## Required action
Show every line in the records below that contains the word "down".

## Extracted records
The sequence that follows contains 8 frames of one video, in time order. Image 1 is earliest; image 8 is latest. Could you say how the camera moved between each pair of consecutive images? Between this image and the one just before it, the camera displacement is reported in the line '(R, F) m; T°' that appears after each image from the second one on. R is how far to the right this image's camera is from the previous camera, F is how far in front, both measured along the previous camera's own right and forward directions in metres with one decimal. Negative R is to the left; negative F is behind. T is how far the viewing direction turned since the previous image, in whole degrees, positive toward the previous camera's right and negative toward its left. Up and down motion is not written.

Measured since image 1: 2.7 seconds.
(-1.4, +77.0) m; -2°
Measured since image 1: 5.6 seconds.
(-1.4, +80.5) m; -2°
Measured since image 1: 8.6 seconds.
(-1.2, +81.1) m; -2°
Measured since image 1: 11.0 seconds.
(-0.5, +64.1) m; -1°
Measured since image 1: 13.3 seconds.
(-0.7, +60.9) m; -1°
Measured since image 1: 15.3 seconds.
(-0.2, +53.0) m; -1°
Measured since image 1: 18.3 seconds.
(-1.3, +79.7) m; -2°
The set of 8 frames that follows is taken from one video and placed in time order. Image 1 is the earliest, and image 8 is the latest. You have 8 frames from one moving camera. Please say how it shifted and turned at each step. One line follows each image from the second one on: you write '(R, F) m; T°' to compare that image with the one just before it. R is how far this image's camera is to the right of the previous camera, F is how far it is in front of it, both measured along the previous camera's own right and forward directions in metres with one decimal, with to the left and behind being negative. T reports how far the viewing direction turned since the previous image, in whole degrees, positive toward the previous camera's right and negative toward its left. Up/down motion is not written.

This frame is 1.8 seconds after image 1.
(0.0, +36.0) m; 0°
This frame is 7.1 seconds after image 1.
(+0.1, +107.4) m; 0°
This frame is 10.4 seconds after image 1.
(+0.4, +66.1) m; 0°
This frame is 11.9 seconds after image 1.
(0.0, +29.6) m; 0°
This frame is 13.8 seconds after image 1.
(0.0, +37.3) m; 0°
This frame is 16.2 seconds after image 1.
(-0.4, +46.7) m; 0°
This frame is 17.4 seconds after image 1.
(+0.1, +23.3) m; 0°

## Solved exercise
The sequence that follows contains 8 frames of one video, in time order. Image 1 is earliest; image 8 is latest. Could you say how the camera moved between each pair of consecutive images? Between this image and the one just before it, the camera displacement is reported in the line '(R, F) m; T°' that appears after each image from the second one on. R is how far to the right this image's camera is from the previous camera, F is how far in front, both measured along the previous camera's own right and forward directions in metres with one decimal. Negative R is to the left; negative F is behind. T is how far the viewing direction turned since the previous image, in whole degrees, positive toward the previous camera's right and negative toward its left. Up and down motion is not written.
The set of 8 frames that follows is taken from one video and placed in time order. Image 1 is the earliest, and image 8 is the latest. You have 8 frames from one moving camera. Please say how it shifted and turned at each step. One line follows each image from the second one on: you write '(R, F) m; T°' to compare that image with the one just before it. R is how far this image's camera is to the right of the previous camera, F is how far it is in front of it, both measured along the previous camera's own right and forward directions in metres with one decimal, with to the left and behind being negative. T reports how far the viewing direction turned since the previous image, in whole degrees, positive toward the previous camera's right and negative toward its left. Up/down motion is not written.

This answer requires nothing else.